I will admit; I moved there right at the start of the summer and in the following months, there were more than a few days where that summer sun was so damn hot that I ran back to her apartment, grateful for the polar air inside. Well, maybe not 'ran'; it's hard to move fast in that kind of heat, but let's say I was 'highly motivated' to get inside where it was cool.

The scale of Vegas was more than a bit much for me. I swear, crossing this street seemed to take fifteen minutes in some parts of town. The whole strip was just over the top.

But Clara just swam through it like a mermaid. She set me up with some great job interviews during the day (boy, was she well connected! Her hotel group hosted everybody...) and at night, she knew a bunch of great clubs to hit.

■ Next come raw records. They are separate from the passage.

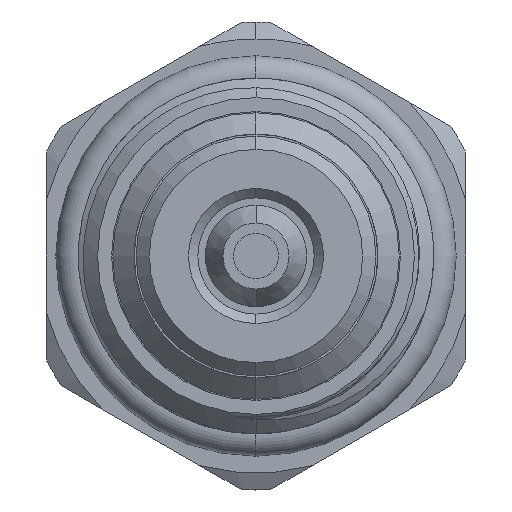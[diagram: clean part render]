
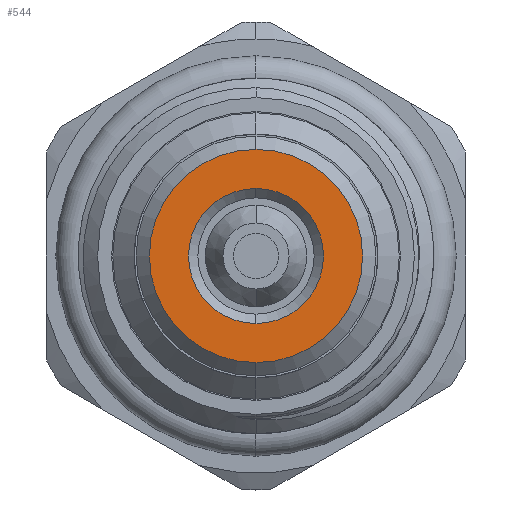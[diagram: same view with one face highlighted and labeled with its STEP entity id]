
A CAD part, front view. The second image highlights one B-rep face of the part: STEP entity #544.
In plain terms, the highlighted planar face has unit normal (0, -1, 0).
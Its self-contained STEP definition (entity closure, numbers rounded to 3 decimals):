
#544 = ADVANCED_FACE ( 'NONE', ( #2893, #2869 ), #4219, .F. ) ;
#606 = VERTEX_POINT ( 'NONE', #3612 ) ;
#639 = VERTEX_POINT ( 'NONE', #3247 ) ;
#660 = ORIENTED_EDGE ( 'NONE', *, *, #4600, .T. ) ;
#910 = ORIENTED_EDGE ( 'NONE', *, *, #4676, .T. ) ;
#1042 = EDGE_LOOP ( 'NONE', ( #910, #1060 ) ) ;
#1060 = ORIENTED_EDGE ( 'NONE', *, *, #4649, .T. ) ;
#1149 = ORIENTED_EDGE ( 'NONE', *, *, #4693, .T. ) ;
#1301 = VERTEX_POINT ( 'NONE', #5254 ) ;
#1322 = VERTEX_POINT ( 'NONE', #5063 ) ;
#1492 = EDGE_LOOP ( 'NONE', ( #660, #1149 ) ) ;
#1578 = CARTESIAN_POINT ( 'NONE',  ( 0., -35.8, 0. ) ) ;
#1589 = DIRECTION ( 'NONE',  ( 0., -1., 0. ) ) ;
#1591 = DIRECTION ( 'NONE',  ( 0., 0., -1. ) ) ;
#1599 = CARTESIAN_POINT ( 'NONE',  ( 0., -35.8, 0. ) ) ;
#2272 = DIRECTION ( 'NONE',  ( 0., 1., 0. ) ) ;
#2334 = DIRECTION ( 'NONE',  ( 0., 0., -1. ) ) ;
#2356 = CARTESIAN_POINT ( 'NONE',  ( 0., -35.8, 0. ) ) ;
#2357 = DIRECTION ( 'NONE',  ( 0., 1., 0. ) ) ;
#2358 = DIRECTION ( 'NONE',  ( 0., 0., -1. ) ) ;
#2458 = DIRECTION ( 'NONE',  ( 0., 0., -1. ) ) ;
#2459 = DIRECTION ( 'NONE',  ( 0., -1., 0. ) ) ;
#2460 = CARTESIAN_POINT ( 'NONE',  ( 0., -35.8, 0. ) ) ;
#2815 = CIRCLE ( 'NONE', #5347, 5.65 ) ;
#2869 = FACE_BOUND ( 'NONE', #1042, .T. ) ;
#2893 = FACE_OUTER_BOUND ( 'NONE', #1492, .T. ) ;
#2953 = CIRCLE ( 'NONE', #5334, 3.58 ) ;
#2993 = CIRCLE ( 'NONE', #5322, 3.58 ) ;
#3016 = CIRCLE ( 'NONE', #5326, 5.65 ) ;
#3247 = CARTESIAN_POINT ( 'NONE',  ( 0., -35.8, -5.65 ) ) ;
#3612 = CARTESIAN_POINT ( 'NONE',  ( 0., -35.8, 3.58 ) ) ;
#4156 = DIRECTION ( 'NONE',  ( 0., 0., -1. ) ) ;
#4166 = DIRECTION ( 'NONE',  ( 0., 1., 0. ) ) ;
#4219 = PLANE ( 'NONE',  #4416 ) ;
#4220 = CARTESIAN_POINT ( 'NONE',  ( 0., -35.8, 0. ) ) ;
#4416 = AXIS2_PLACEMENT_3D ( 'NONE', #4220, #4166, #4156 ) ;
#4600 = EDGE_CURVE ( 'NONE', #639, #1301, #2815, .T. ) ;
#4649 = EDGE_CURVE ( 'NONE', #1322, #606, #2953, .T. ) ;
#4676 = EDGE_CURVE ( 'NONE', #606, #1322, #2993, .T. ) ;
#4693 = EDGE_CURVE ( 'NONE', #1301, #639, #3016, .T. ) ;
#5063 = CARTESIAN_POINT ( 'NONE',  ( 0., -35.8, -3.58 ) ) ;
#5254 = CARTESIAN_POINT ( 'NONE',  ( 0., -35.8, 5.65 ) ) ;
#5322 = AXIS2_PLACEMENT_3D ( 'NONE', #1578, #2272, #2334 ) ;
#5326 = AXIS2_PLACEMENT_3D ( 'NONE', #2460, #2459, #2458 ) ;
#5334 = AXIS2_PLACEMENT_3D ( 'NONE', #2356, #2357, #2358 ) ;
#5347 = AXIS2_PLACEMENT_3D ( 'NONE', #1599, #1589, #1591 ) ;
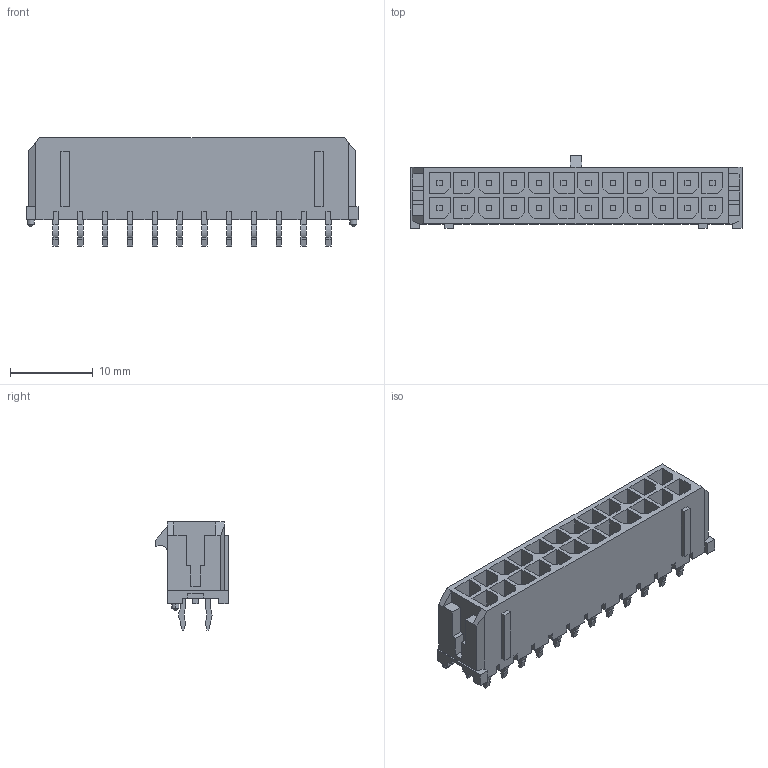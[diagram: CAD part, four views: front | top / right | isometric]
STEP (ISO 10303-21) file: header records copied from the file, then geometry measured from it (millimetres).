
FILE_DESCRIPTION((''),'2;1');
FILE_NAME('430452412','2020-04-16T',('gga'),(''),'PRO/ENGINEER BY PARAMETRIC TECHNOLOGY CORPORATION, 2016010','PRO/ENGINEER BY PARAMETRIC TECHNOLOGY CORPORATION, 2016010','');
FILE_SCHEMA(('CONFIG_CONTROL_DESIGN'));
Length unit declared in the file: millimetre
Products named in the file (1): 430452412
Bounding box: 40.15 x 8.77 x 13.09 mm (x, y, z)
Volume: 1590.4 mm3; surface area: 3686.3 mm2
Topology: 1 solids, 1 shells, 886 faces, 2534 edges, 1708 vertices
Faces by surface type: plane 829, cylinder 53, cone 4
Entity records: 28413 total; most frequent: CARTESIAN_POINT 5069, ORIENTED_EDGE 4956, DIRECTION 4470, EDGE_CURVE 2478, VECTOR 2372, LINE 2372, VERTEX_POINT 1648, AXIS2_PLACEMENT_3D 1049
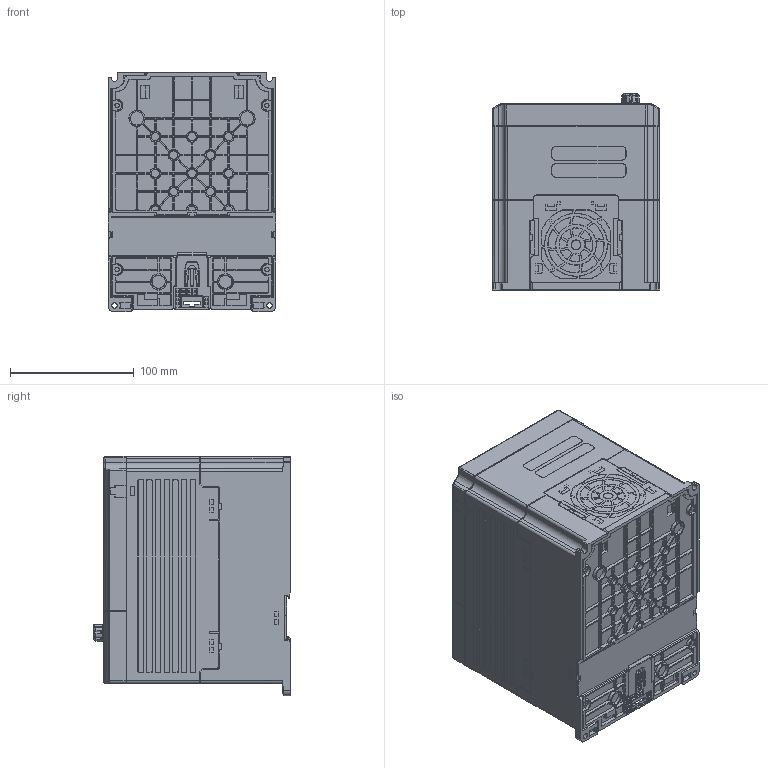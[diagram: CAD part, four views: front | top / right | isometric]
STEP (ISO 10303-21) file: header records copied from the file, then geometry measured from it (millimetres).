
FILE_DESCRIPTION (( 'STEP AP214' ), '1' );
FILE_NAME ('ACG-35P0.STEP', '2024-03-25T12:26:15', ( '' ), ( '' ), 'SwSTEP 2.0', 'SolidWorks 2021', '' );
FILE_SCHEMA (( 'AUTOMOTIVE_DESIGN' ));
Length unit declared in the file: inch
Products named in the file (1): ACG-35P0
Bounding box: 135 x 158.8 x 193.13 mm (x, y, z)
Volume: 1197737.1 mm3; surface area: 313286.6 mm2
Topology: 4 solids, 35 shells, 4834 faces, 12375 edges, 7819 vertices
Faces by surface type: plane 2009, cylinder 1108, cone 825, torus 453, bspline 316, sphere 123
Entity records: 177166 total; most frequent: CARTESIAN_POINT 69271, ORIENTED_EDGE 24666, DIRECTION 18970, EDGE_CURVE 12333, VERTEX_POINT 7818, AXIS2_PLACEMENT_3D 6547, LINE 5876, VECTOR 5876
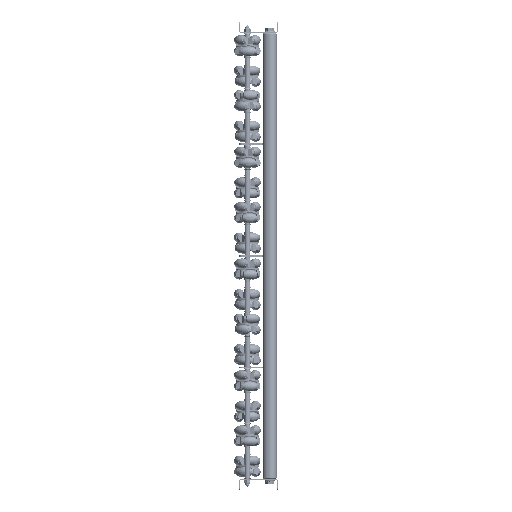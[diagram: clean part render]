
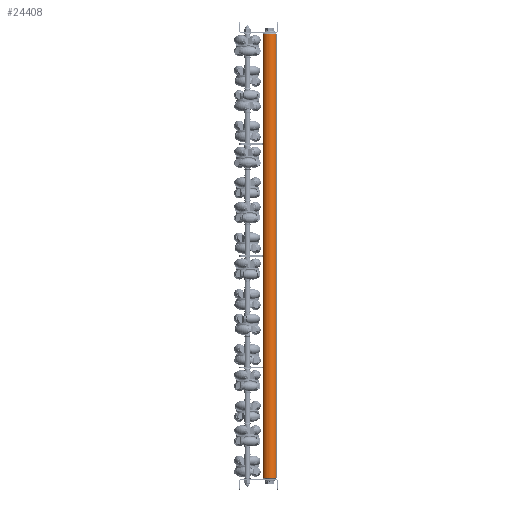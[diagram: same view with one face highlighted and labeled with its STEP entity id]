
A CAD part, left-side view. The second image highlights one B-rep face of the part: STEP entity #24408.
In plain terms, the highlighted cylindrical face has radius 12.5 mm (diameter 25 mm), a partial arc.
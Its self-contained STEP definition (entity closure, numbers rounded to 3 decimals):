
#841 = ORIENTED_EDGE ( 'NONE', *, *, #16502, .T. ) ;
#2110 = CIRCLE ( 'NONE', #31675, 12.5 ) ;
#2382 = AXIS2_PLACEMENT_3D ( 'NONE', #13013, #28808, #12265 ) ;
#2590 = CYLINDRICAL_SURFACE ( 'NONE', #2382, 12.5 ) ;
#3041 = VECTOR ( 'NONE', #23188, 1000. ) ;
#5157 = FACE_OUTER_BOUND ( 'NONE', #32900, .T. ) ;
#5755 = CARTESIAN_POINT ( 'NONE',  ( 799., 0., 0. ) ) ;
#7462 = CARTESIAN_POINT ( 'NONE',  ( 799., 0., -12.5 ) ) ;
#11584 = CARTESIAN_POINT ( 'NONE',  ( 1., 0., 12.5 ) ) ;
#11910 = VERTEX_POINT ( 'NONE', #27774 ) ;
#12220 = DIRECTION ( 'NONE',  ( 1., 0., 0. ) ) ;
#12265 = DIRECTION ( 'NONE',  ( 0., 0., 1. ) ) ;
#13013 = CARTESIAN_POINT ( 'NONE',  ( 800., 0., 0. ) ) ;
#13089 = VERTEX_POINT ( 'NONE', #11584 ) ;
#13328 = EDGE_CURVE ( 'NONE', #26107, #32259, #21822, .T. ) ;
#14301 = ORIENTED_EDGE ( 'NONE', *, *, #27913, .F. ) ;
#15655 = CARTESIAN_POINT ( 'NONE',  ( 1., 0., 0. ) ) ;
#16502 = EDGE_CURVE ( 'NONE', #32259, #13089, #30643, .T. ) ;
#18717 = CARTESIAN_POINT ( 'NONE',  ( 800., 0., -12.5 ) ) ;
#19910 = VECTOR ( 'NONE', #25845, 1000. ) ;
#20097 = DIRECTION ( 'NONE',  ( 0., 0., -1. ) ) ;
#20938 = LINE ( 'NONE', #18717, #3041 ) ;
#21822 = CIRCLE ( 'NONE', #22928, 12.5 ) ;
#22928 = AXIS2_PLACEMENT_3D ( 'NONE', #5755, #28900, #26329 ) ;
#23188 = DIRECTION ( 'NONE',  ( -1., 0., 0. ) ) ;
#24408 = ADVANCED_FACE ( 'NONE', ( #5157 ), #2590, .T. ) ;
#25461 = CARTESIAN_POINT ( 'NONE',  ( 799., 0., 12.5 ) ) ;
#25845 = DIRECTION ( 'NONE',  ( -1., 0., 0. ) ) ;
#26107 = VERTEX_POINT ( 'NONE', #7462 ) ;
#26329 = DIRECTION ( 'NONE',  ( 0., 0., -1. ) ) ;
#27200 = ORIENTED_EDGE ( 'NONE', *, *, #29654, .T. ) ;
#27774 = CARTESIAN_POINT ( 'NONE',  ( 1., 0., -12.5 ) ) ;
#27913 = EDGE_CURVE ( 'NONE', #26107, #11910, #20938, .T. ) ;
#28258 = CARTESIAN_POINT ( 'NONE',  ( 800., 0., 12.5 ) ) ;
#28808 = DIRECTION ( 'NONE',  ( -1., 0., 0. ) ) ;
#28900 = DIRECTION ( 'NONE',  ( -1., 0., 0. ) ) ;
#29654 = EDGE_CURVE ( 'NONE', #13089, #11910, #2110, .T. ) ;
#29813 = ORIENTED_EDGE ( 'NONE', *, *, #13328, .T. ) ;
#30643 = LINE ( 'NONE', #28258, #19910 ) ;
#31675 = AXIS2_PLACEMENT_3D ( 'NONE', #15655, #12220, #20097 ) ;
#32259 = VERTEX_POINT ( 'NONE', #25461 ) ;
#32900 = EDGE_LOOP ( 'NONE', ( #14301, #29813, #841, #27200 ) ) ;
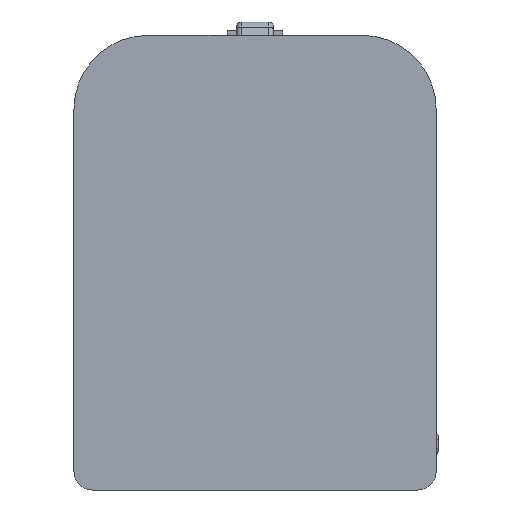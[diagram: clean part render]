
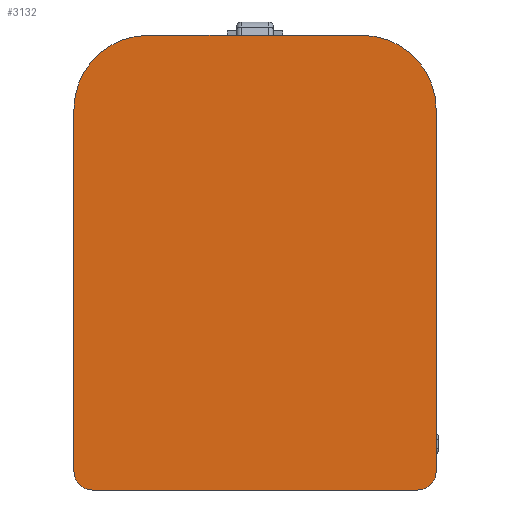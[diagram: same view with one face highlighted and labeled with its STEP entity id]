
A CAD part, front view. The second image highlights one B-rep face of the part: STEP entity #3132.
In plain terms, the highlighted planar face has unit normal (0, -1, 0).
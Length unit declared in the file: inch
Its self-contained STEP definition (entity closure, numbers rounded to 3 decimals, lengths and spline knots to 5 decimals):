
#128=PLANE('',#3560);
#285=LINE('',#5375,#495);
#289=LINE('',#5384,#499);
#292=LINE('',#5392,#502);
#309=LINE('',#5487,#519);
#495=VECTOR('',#4256,0.3937);
#499=VECTOR('',#4266,0.3937);
#502=VECTOR('',#4275,0.3937);
#519=VECTOR('',#4372,0.3937);
#777=FACE_OUTER_BOUND('',#961,.T.);
#961=EDGE_LOOP('',(#2580,#2581,#2582,#2583,#2584,#2585,#2586,#2587));
#1126=CIRCLE('',#3512,2.);
#1127=CIRCLE('',#3515,2.);
#1148=CIRCLE('',#3555,0.5);
#1149=CIRCLE('',#3558,0.5);
#1374=VERTEX_POINT('',#5372);
#1375=VERTEX_POINT('',#5374);
#1376=VERTEX_POINT('',#5378);
#1377=VERTEX_POINT('',#5382);
#1378=VERTEX_POINT('',#5386);
#1379=VERTEX_POINT('',#5390);
#1400=VERTEX_POINT('',#5481);
#1401=VERTEX_POINT('',#5485);
#1756=EDGE_CURVE('',#1374,#1375,#285,.T.);
#1759=EDGE_CURVE('',#1376,#1374,#1126,.T.);
#1761=EDGE_CURVE('',#1377,#1376,#289,.T.);
#1763=EDGE_CURVE('',#1378,#1377,#1127,.T.);
#1765=EDGE_CURVE('',#1379,#1378,#292,.T.);
#1803=EDGE_CURVE('',#1400,#1379,#1148,.T.);
#1805=EDGE_CURVE('',#1401,#1400,#309,.T.);
#1806=EDGE_CURVE('',#1375,#1401,#1149,.T.);
#2580=ORIENTED_EDGE('',*,*,#1803,.F.);
#2581=ORIENTED_EDGE('',*,*,#1805,.F.);
#2582=ORIENTED_EDGE('',*,*,#1806,.F.);
#2583=ORIENTED_EDGE('',*,*,#1756,.F.);
#2584=ORIENTED_EDGE('',*,*,#1759,.F.);
#2585=ORIENTED_EDGE('',*,*,#1761,.F.);
#2586=ORIENTED_EDGE('',*,*,#1763,.F.);
#2587=ORIENTED_EDGE('',*,*,#1765,.F.);
#3132=ADVANCED_FACE('',(#777),#128,.F.);
#3512=AXIS2_PLACEMENT_3D('',#5380,#4261,#4262);
#3515=AXIS2_PLACEMENT_3D('',#5388,#4270,#4271);
#3555=AXIS2_PLACEMENT_3D('',#5483,#4367,#4368);
#3558=AXIS2_PLACEMENT_3D('',#5489,#4375,#4376);
#3560=AXIS2_PLACEMENT_3D('',#5491,#4379,#4380);
#4256=DIRECTION('',(0.,0.,-1.));
#4261=DIRECTION('center_axis',(0.,1.,0.));
#4262=DIRECTION('ref_axis',(0.,0.,1.));
#4266=DIRECTION('',(1.,0.,0.));
#4270=DIRECTION('center_axis',(0.,1.,0.));
#4271=DIRECTION('ref_axis',(-1.,0.,0.));
#4275=DIRECTION('',(0.,0.,1.));
#4367=DIRECTION('center_axis',(0.,1.,0.));
#4368=DIRECTION('ref_axis',(-0.707,0.,-0.707));
#4372=DIRECTION('',(-1.,0.,0.));
#4375=DIRECTION('center_axis',(0.,1.,0.));
#4376=DIRECTION('ref_axis',(0.707,0.,-0.707));
#4379=DIRECTION('center_axis',(0.,1.,0.));
#4380=DIRECTION('ref_axis',(0.,0.,1.));
#5372=CARTESIAN_POINT('',(4.9,0.,4.15));
#5374=CARTESIAN_POINT('',(4.9,0.,-5.65));
#5375=CARTESIAN_POINT('',(4.9,0.,4.15));
#5378=CARTESIAN_POINT('',(2.9,0.,6.15));
#5380=CARTESIAN_POINT('Origin',(2.9,0.,4.15));
#5382=CARTESIAN_POINT('',(-2.9,0.,6.15));
#5384=CARTESIAN_POINT('',(-2.9,0.,6.15));
#5386=CARTESIAN_POINT('',(-4.9,0.,4.15));
#5388=CARTESIAN_POINT('Origin',(-2.9,0.,4.15));
#5390=CARTESIAN_POINT('',(-4.9,0.,-5.65));
#5392=CARTESIAN_POINT('',(-4.9,0.,-6.15));
#5481=CARTESIAN_POINT('',(-4.4,0.,-6.15));
#5483=CARTESIAN_POINT('Origin',(-4.4,0.,-5.65));
#5485=CARTESIAN_POINT('',(4.4,0.,-6.15));
#5487=CARTESIAN_POINT('',(4.9,0.,-6.15));
#5489=CARTESIAN_POINT('Origin',(4.4,0.,-5.65));
#5491=CARTESIAN_POINT('Origin',(0.,0.,0.));

Clara herself was fine. She worked a lot, like sometimes really late. But she seemed to be around the apartment a lot, working in her office. She asked that I not go in there while she was working. I mean, that was the least I could do, right? I did hear her raise her voice sometimes in there, but it wasn't my place to ask. She had succeeded in a tough industry at a young age, so I wasn't gonna get in the way of my best friend.

She seemed to go to the gym a lot, and ate smart, but she was hardly a fanatic. She still had that skinny-lean look in her face but she was always bundled up when at home, hair up in a lazy ponytail and mostly make-up free. Sure, she seemed a bit more glamorous, with expensive mani-pedis, and even though she was in sweats, they weren't ratty rags. It was glam stuff, but she wore it all low key. She was living the life and at such a young age! I was probably a bit jealous, if I was honest.

After having almost no social life for my whole senior year at university (Thanks Kenny!), it turned out I was ready to cut loose. Well, at least for me. I was never a real clubkid, so more than three nights out a week was really active for me. But in those first weeks, I was out at least five nights a week. Not always really late, but just getting dressed up and out the door was great. It was really therapeutic to get over ... Kenny. I was already starting to put him behind me. And it was about time, too.